Et si la France entrait réellement en guerre contre le Niger ?

Le 11 février dernier, un membre de la junte de Niamey a fait savoir que le Niger serait désormais en guerre avec la France. Mais si Paris décidait, pour une fois, de répondre à ces provocations, le Niger, débarrassé des putschistes, pourrait enfin respirer. De l’avis des observateurs, une intervention française sur place pourrait ouvrir la voie à un retour à la légalité constitutionnelle, après une transition crédible. Éditorial

Il y a moins d’une semaine, le général Amadou Ibro, chef d’état-major particulier du chef de la junte nigérienne a déclaré que son pays entre en belligérance avec Paris. « Sachez-le, on va entrer en guerre avec la France. On n’était pas en guerre, c’est maintenant qu’on va en guerre avec la France. », a-t-il lancé sous les acclamations et les cris de « À bas la France ».

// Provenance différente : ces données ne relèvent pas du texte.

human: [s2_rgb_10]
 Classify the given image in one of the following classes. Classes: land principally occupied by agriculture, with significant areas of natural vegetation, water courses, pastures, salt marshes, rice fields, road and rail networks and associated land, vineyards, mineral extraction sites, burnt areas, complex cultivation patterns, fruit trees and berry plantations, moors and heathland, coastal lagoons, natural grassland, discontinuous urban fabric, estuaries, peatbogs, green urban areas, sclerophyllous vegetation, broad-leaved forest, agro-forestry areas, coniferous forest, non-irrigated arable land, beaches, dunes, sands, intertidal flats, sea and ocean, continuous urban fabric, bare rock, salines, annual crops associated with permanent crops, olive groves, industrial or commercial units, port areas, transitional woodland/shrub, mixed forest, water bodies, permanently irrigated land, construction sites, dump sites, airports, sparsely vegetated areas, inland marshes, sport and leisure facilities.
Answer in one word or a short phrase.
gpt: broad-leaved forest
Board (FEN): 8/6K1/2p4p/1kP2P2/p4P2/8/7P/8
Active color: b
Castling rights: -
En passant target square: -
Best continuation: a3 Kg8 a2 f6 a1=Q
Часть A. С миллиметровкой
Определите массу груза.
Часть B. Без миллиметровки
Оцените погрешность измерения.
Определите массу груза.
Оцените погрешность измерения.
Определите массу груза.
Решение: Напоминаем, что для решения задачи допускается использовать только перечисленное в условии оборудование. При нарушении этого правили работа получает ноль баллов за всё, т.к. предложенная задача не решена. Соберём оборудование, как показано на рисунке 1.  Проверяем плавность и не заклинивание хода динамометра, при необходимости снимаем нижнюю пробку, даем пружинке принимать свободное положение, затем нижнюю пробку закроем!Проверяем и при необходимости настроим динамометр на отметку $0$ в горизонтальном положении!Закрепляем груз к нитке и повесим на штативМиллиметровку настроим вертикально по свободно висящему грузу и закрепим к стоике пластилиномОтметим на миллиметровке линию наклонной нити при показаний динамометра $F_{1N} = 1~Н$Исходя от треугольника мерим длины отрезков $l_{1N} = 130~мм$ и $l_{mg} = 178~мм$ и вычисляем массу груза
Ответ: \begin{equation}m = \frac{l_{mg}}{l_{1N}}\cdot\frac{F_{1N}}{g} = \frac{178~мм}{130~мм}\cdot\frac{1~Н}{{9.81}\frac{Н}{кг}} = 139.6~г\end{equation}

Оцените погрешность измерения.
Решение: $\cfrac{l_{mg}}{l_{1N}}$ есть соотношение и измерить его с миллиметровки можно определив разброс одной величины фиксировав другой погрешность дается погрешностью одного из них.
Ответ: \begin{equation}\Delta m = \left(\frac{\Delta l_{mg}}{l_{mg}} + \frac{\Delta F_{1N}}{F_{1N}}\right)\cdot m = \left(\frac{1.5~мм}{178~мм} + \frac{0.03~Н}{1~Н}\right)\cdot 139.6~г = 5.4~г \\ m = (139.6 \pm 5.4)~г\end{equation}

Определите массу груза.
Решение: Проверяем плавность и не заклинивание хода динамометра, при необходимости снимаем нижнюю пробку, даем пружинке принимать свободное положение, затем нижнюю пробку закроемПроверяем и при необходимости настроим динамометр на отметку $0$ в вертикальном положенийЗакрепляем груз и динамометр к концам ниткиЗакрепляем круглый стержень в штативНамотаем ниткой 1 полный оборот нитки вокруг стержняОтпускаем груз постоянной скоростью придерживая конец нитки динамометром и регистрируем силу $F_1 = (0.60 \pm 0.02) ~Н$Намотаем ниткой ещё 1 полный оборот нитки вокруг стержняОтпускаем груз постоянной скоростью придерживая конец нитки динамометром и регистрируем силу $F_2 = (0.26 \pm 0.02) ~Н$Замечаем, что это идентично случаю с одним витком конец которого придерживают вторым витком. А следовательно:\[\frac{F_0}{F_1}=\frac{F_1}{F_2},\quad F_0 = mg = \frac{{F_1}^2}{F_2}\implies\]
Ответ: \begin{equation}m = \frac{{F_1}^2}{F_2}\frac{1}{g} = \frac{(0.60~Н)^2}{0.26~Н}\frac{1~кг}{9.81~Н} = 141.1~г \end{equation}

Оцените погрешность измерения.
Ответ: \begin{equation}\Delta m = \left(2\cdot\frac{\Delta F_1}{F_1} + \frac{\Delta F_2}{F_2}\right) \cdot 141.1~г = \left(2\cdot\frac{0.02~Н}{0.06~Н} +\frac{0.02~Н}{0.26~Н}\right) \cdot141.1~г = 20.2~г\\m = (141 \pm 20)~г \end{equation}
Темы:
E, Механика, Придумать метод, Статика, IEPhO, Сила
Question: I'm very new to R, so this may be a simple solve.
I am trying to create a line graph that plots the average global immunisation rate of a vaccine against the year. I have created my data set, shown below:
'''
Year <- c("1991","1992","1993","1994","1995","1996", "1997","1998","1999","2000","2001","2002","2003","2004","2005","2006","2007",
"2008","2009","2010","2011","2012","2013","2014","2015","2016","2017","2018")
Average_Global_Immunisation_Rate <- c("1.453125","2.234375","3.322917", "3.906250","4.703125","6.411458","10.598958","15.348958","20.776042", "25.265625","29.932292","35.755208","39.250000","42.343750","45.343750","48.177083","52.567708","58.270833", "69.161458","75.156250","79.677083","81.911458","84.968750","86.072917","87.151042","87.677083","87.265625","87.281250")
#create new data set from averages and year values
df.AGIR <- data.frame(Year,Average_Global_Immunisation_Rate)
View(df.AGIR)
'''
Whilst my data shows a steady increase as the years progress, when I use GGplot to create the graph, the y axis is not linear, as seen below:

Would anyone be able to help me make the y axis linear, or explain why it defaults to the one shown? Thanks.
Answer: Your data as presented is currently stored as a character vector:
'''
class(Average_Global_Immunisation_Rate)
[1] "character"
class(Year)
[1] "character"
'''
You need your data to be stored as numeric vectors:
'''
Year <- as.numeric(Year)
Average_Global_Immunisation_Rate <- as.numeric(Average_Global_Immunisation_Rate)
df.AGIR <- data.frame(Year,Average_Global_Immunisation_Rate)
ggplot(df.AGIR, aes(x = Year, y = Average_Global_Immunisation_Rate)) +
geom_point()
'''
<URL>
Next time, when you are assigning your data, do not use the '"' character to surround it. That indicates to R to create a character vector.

Relayée en boucle sur les réseaux sociaux et dans les médias de la junte, la déclaration s’inscrit dans une escalade verbale délibérée, quelques semaines après qu’Abdourahamane Tiani lui-même a accusé Emmanuel Macron d’être le « sponsor » des djihadistes qui ont attaqué l’aéroport de Niamey fin janvier. Même si Paris a démenti ces propos, les qualifiant de « guerre informationnelle », le mal est fait. D’ailleurs, la junte de Niamey franchit chaque jour un nouveau palier dans la provocation.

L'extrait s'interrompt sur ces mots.